**YOUR GOAL**.
Your task is to copy every line below that contains the word "condensed".
+++
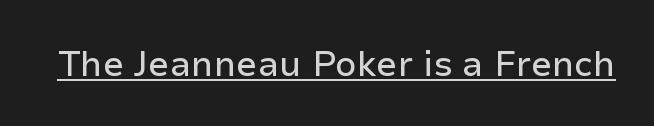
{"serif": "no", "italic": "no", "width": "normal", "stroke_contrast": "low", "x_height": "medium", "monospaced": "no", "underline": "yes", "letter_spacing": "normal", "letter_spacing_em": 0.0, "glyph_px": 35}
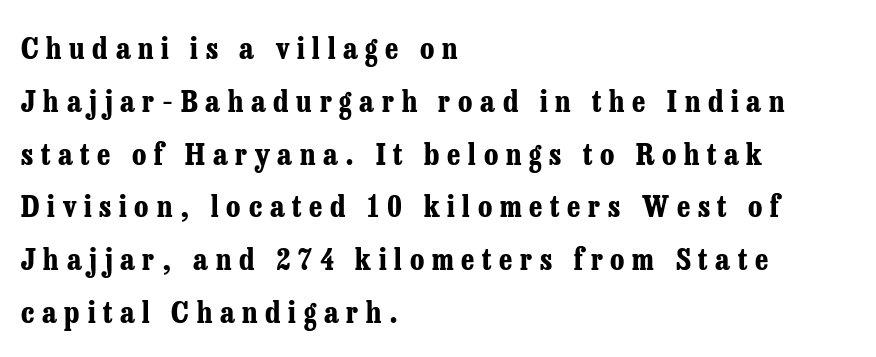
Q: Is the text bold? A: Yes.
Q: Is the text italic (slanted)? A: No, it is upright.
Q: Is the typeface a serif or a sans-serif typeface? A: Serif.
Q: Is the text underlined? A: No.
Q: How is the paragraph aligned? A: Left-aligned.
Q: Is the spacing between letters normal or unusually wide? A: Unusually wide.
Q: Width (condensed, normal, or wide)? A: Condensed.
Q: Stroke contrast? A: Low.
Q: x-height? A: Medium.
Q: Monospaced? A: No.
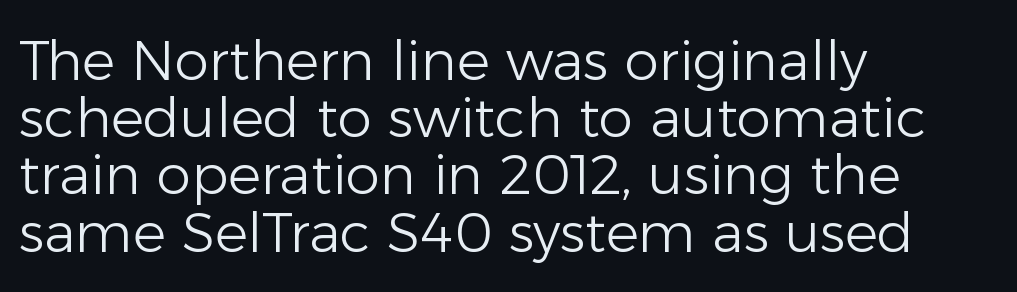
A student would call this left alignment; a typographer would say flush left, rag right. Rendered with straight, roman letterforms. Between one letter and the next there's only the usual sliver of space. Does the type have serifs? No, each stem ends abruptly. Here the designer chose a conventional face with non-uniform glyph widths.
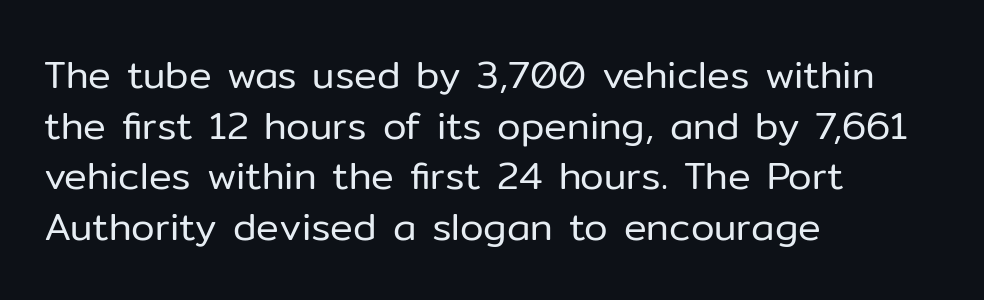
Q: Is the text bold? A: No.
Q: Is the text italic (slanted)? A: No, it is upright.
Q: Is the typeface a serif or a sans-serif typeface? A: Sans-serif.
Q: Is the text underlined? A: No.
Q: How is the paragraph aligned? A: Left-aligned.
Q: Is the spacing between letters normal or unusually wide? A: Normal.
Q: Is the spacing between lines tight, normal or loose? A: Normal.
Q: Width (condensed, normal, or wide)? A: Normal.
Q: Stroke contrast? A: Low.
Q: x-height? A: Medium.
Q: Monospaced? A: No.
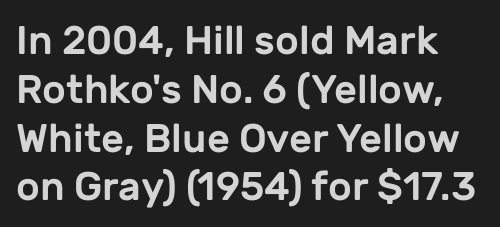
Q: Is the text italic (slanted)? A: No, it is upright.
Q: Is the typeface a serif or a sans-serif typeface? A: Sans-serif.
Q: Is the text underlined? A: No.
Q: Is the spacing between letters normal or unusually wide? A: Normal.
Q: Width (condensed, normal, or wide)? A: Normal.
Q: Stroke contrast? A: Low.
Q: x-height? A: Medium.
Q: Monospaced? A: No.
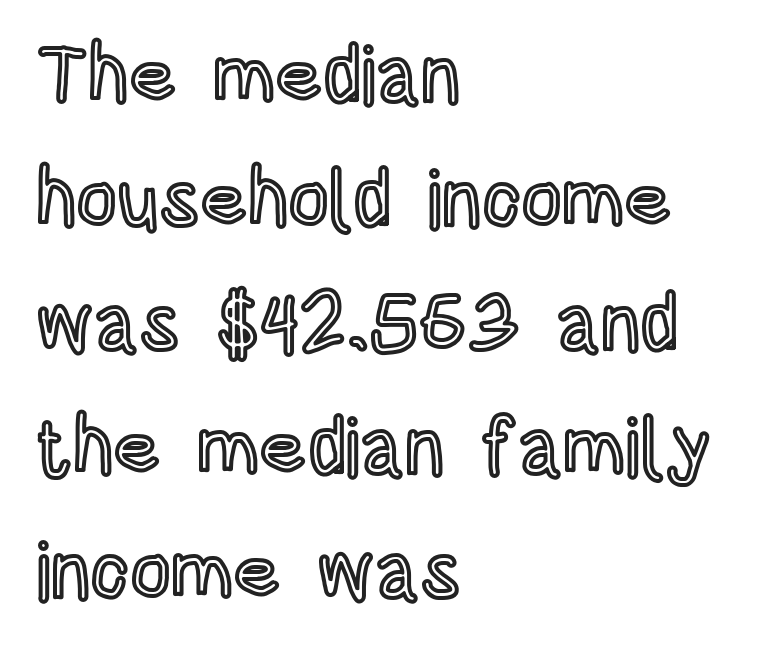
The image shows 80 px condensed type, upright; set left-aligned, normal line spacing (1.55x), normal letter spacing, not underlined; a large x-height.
+++
**RESULT**.
Q: Width (condensed, normal, or wide)? A: Condensed.
Q: Width (condensed, normal, or wide)? A: Normal.
Q: Width (condensed, normal, or wide)? A: Normal.
The image shows 80 px condensed type, upright; set left-aligned, normal line spacing (1.55x), normal letter spacing, not underlined; a large x-height.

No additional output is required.